# Should I buy a Porter Cable 10" Stationary Table Saw?



## DonW (Dec 30, 2009)

I am thinking about buying a 10" Porter Cable Stationary Table Saw so I can have some fun with a new toy on Easter Sunday. Lowes has one for $599. It looks great with some nice features.

Does anyone have positives or negatives to share about Porter Cable or their table saws?

Thanks

Don


----------



## knotscott (Feb 27, 2009)

Don - The PCB270TS is essentially a slightly updated version of the Hitachi C10FL, which received mostly good, but several mixed comments from owners/users.

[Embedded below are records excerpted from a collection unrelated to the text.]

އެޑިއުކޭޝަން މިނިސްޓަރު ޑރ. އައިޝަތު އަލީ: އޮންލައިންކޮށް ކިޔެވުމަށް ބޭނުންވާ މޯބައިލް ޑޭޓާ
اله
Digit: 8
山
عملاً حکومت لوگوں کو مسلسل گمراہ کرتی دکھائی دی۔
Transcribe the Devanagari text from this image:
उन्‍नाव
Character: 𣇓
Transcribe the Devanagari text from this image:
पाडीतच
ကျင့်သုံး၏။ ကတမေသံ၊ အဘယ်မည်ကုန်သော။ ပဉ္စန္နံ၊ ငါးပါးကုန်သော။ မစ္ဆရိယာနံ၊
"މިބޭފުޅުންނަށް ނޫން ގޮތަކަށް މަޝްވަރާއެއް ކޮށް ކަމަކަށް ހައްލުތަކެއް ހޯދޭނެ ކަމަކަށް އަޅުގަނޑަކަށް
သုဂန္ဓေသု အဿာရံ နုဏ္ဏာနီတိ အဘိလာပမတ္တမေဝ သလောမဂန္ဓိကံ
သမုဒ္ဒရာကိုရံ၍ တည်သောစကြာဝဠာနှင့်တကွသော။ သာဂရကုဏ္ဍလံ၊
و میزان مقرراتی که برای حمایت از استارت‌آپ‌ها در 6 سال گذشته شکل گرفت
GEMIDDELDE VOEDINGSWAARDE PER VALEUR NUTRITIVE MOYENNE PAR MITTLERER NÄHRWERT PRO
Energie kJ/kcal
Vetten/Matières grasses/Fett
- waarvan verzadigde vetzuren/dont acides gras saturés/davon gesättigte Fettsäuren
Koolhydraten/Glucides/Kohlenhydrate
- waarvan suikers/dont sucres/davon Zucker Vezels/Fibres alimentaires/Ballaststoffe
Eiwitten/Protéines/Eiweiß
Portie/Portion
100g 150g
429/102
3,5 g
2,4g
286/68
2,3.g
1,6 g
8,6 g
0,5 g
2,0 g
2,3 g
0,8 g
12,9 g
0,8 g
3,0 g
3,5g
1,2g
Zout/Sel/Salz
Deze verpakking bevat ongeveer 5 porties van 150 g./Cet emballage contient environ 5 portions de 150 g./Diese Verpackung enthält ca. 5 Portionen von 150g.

Most of the $600 saws on the market, including the PC and the Hitachi, are capable of good work once setup properly and equipped with a good blade, but the $600 range doesn't usually get "all the goodies" in one package unless it's used. There are going to be some disadvantages with all of them, so pick and choose what's most important to you. The common knocks against the C10FL were the caliber of the aluminum fence, steel wings, and the 4 independent wheels. The PC offers an improved mobile base and a riving knife…those upgrades and a slightly wider rip capacity are the bulk of the differences between the C10FL and the PCB270TS.

Other $600 saws are the Shop Fox W1725 from Grizzly (item T21853), which is an older style contractor saw with an outboard belt drive induction motor, steel wings, no mobile base, no riving knife, and an excellent Shop Fox Aluma Classic (biese clone) fence…with the fence and the value being the key attractions IMO. $425/$519 shipped.

The Delta 36-980 is a similar style and design to the Shop Fox but has cast iron wings, a similar Delta T2 fence, and a good built in mobile base.

The new Craftsman 21833 is more similar to the Hitachi and PC, having an inboard belt drive induction motor, riving knife, steel wings, nice mobile base, basic aluminum fence, and a true riving knife. You might just find the Craftsman 22116 granite top hybrid saw on sale for < $700 on sale. There's also the older 22114 model on sale for $680…cabinet mounted trunnions, cast iron wings, no mobile base, no riving knife, and basic aluminum fence fence. You might even find a closeout price on the 22124 with Biese fence.

The Steel City 35920 is similar to the Ridgid R4511 and Cman 22116…all made by Steel City's Orion. ~ $650.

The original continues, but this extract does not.